**TASK DETAILS**
Each line from the material with the word "path" in it must be copied.

**DATA SUPPLIED**
++++++++++

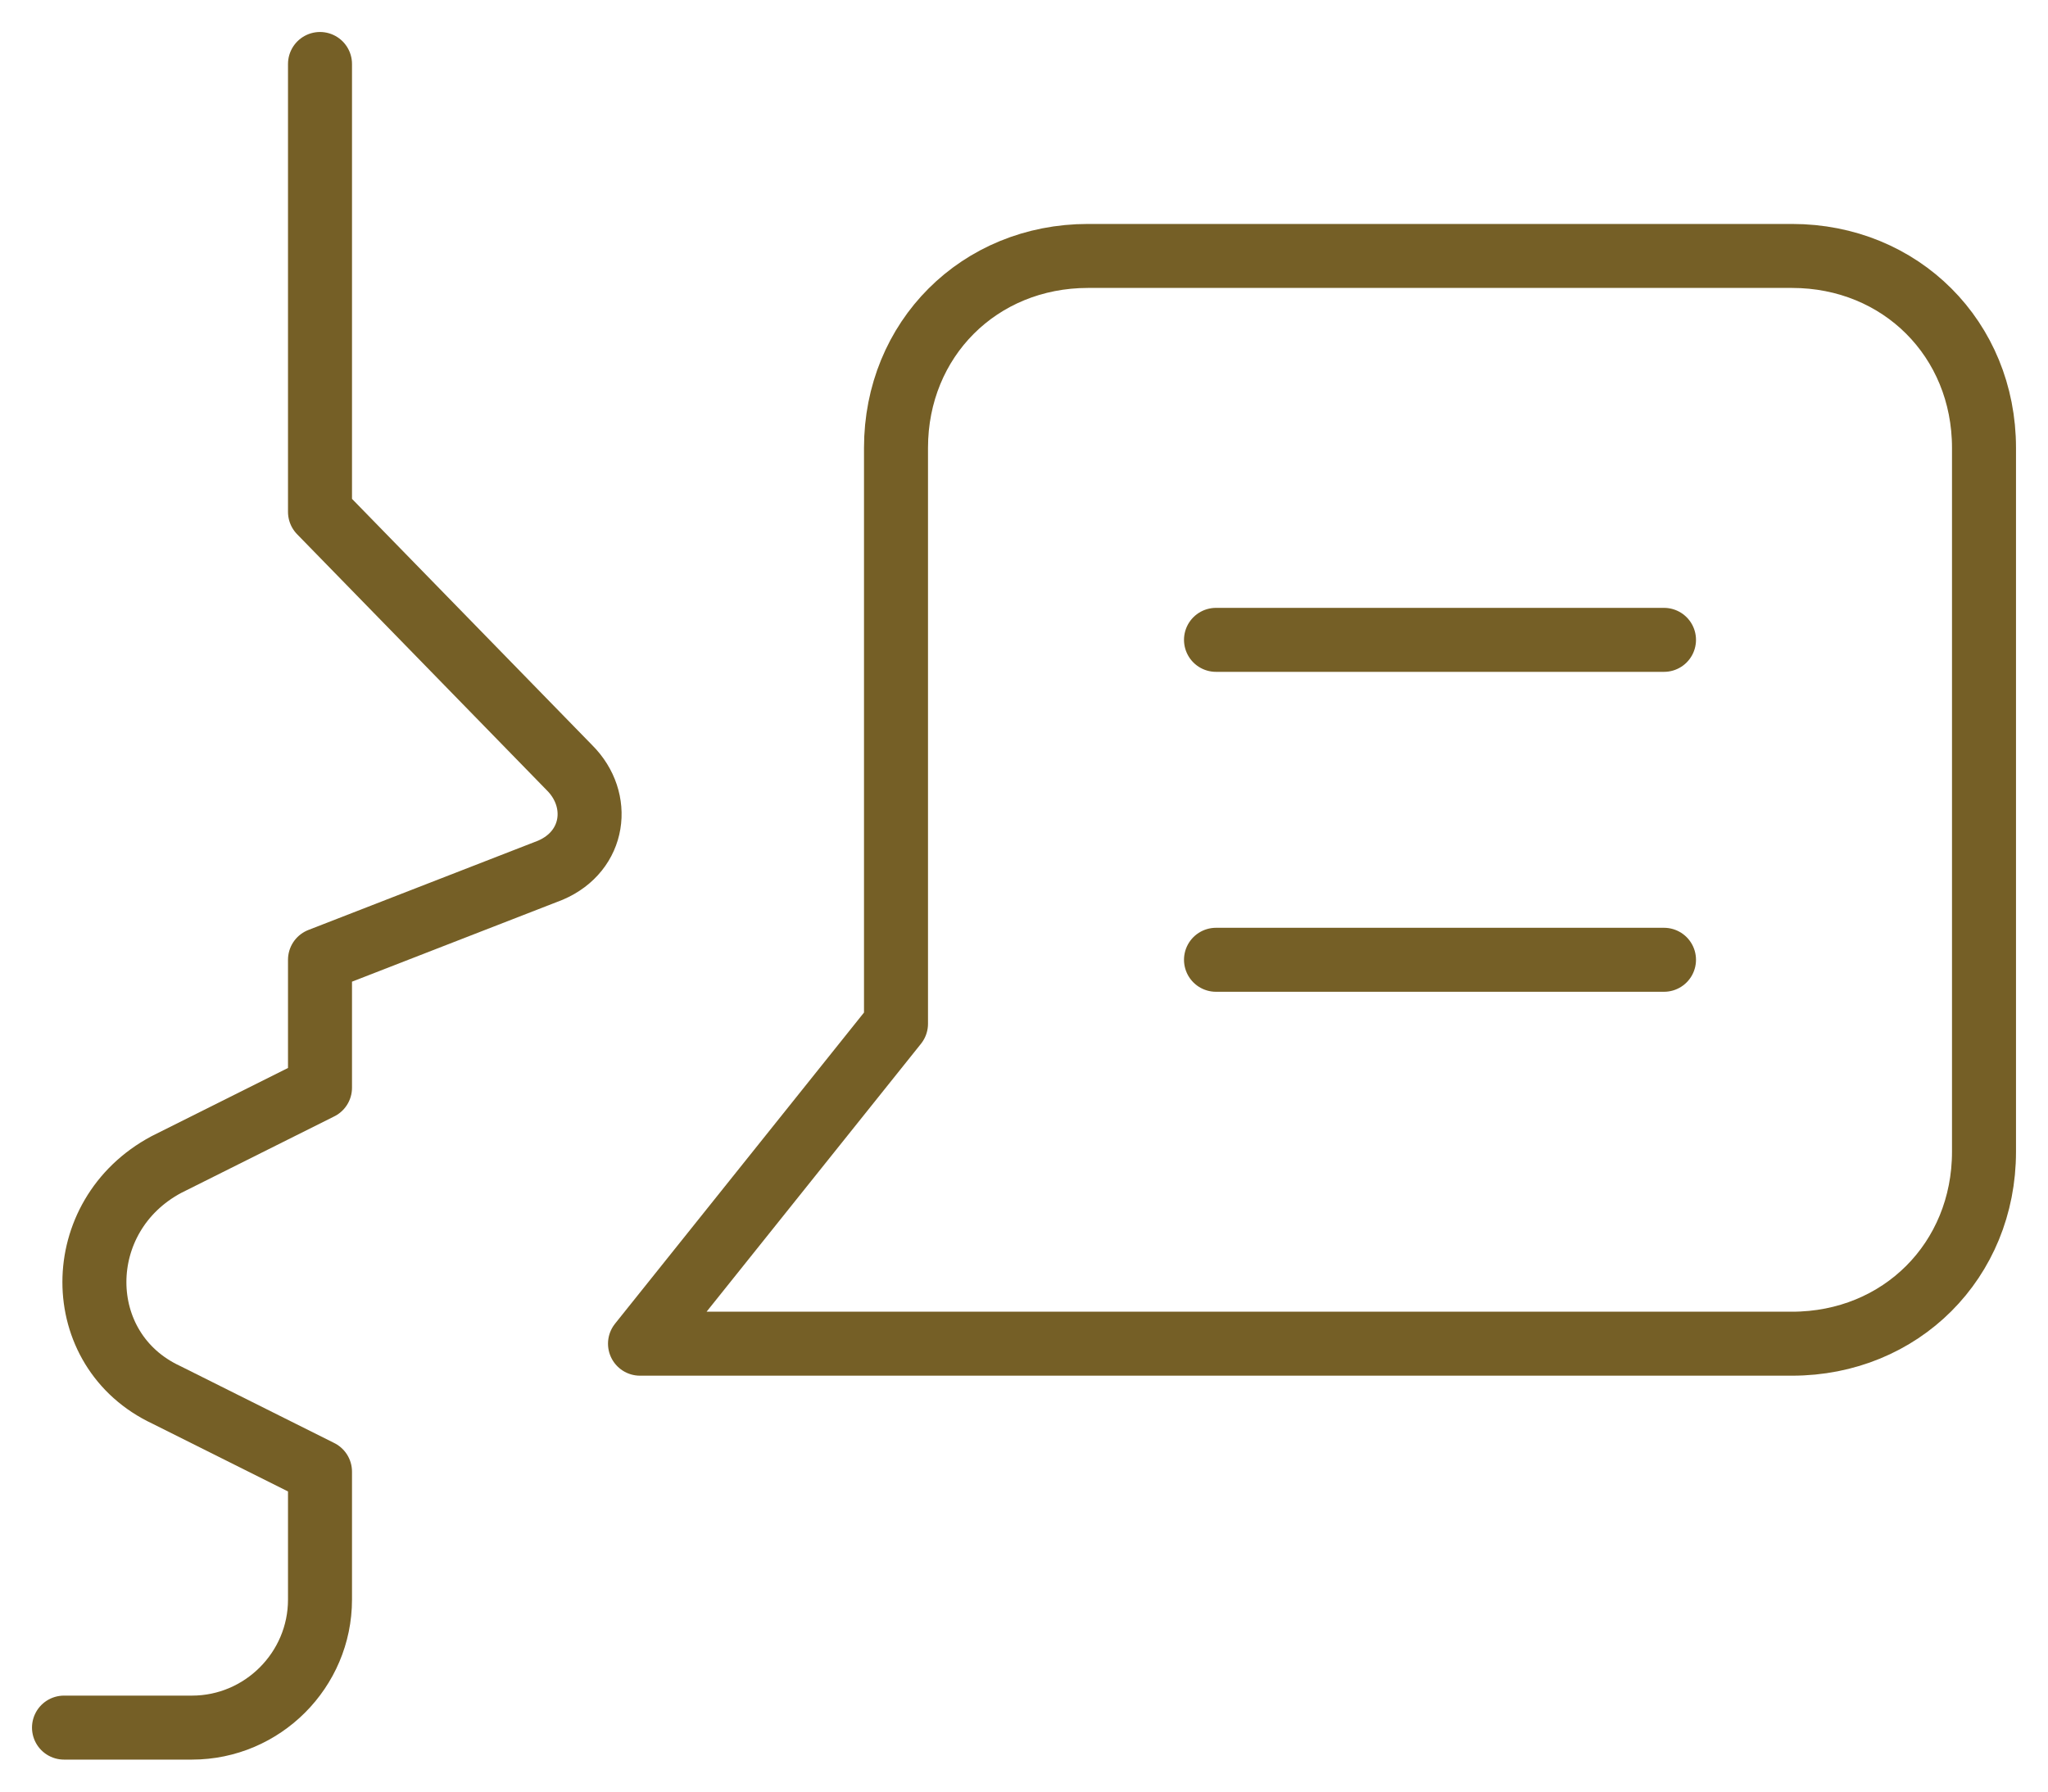 <svg width="32" height="28" viewBox="0 0 32 28" fill="none" xmlns="http://www.w3.org/2000/svg">
<path d="M1 27H3C4.1 27 5 26.1 5 25V23L2.6 21.8C1.1 21.1 1.1 19 2.6 18.2L5 17V15L8.6 13.6C9.3 13.3 9.4 12.5 8.9 12L5 8V1" stroke="#755F26" stroke-linecap="round" stroke-linejoin="round"/>
<path d="M10 21L14 16V7C14 5.3 15.3 4 17 4H28C29.7 4 31 5.3 31 7V18C31 19.7 29.7 21 28 21H10Z" stroke="#755F26" stroke-linecap="round" stroke-linejoin="round"/>
<path d="M19 10H26" stroke="#755F26" stroke-linecap="round" stroke-linejoin="round"/>
<path d="M19 15H26" stroke="#755F26" stroke-linecap="round" stroke-linejoin="round"/>
</svg>

++++++++++

**ANSWER TO THIS PROBLEM**
<path d="M1 27H3C4.1 27 5 26.1 5 25V23L2.6 21.8C1.1 21.1 1.1 19 2.6 18.2L5 17V15L8.6 13.6C9.3 13.3 9.4 12.5 8.9 12L5 8V1" stroke="#755F26" stroke-linecap="round" stroke-linejoin="round"/>
<path d="M10 21L14 16V7C14 5.3 15.3 4 17 4H28C29.7 4 31 5.3 31 7V18C31 19.7 29.7 21 28 21H10Z" stroke="#755F26" stroke-linecap="round" stroke-linejoin="round"/>
<path d="M19 10H26" stroke="#755F26" stroke-linecap="round" stroke-linejoin="round"/>
<path d="M19 15H26" stroke="#755F26" stroke-linecap="round" stroke-linejoin="round"/>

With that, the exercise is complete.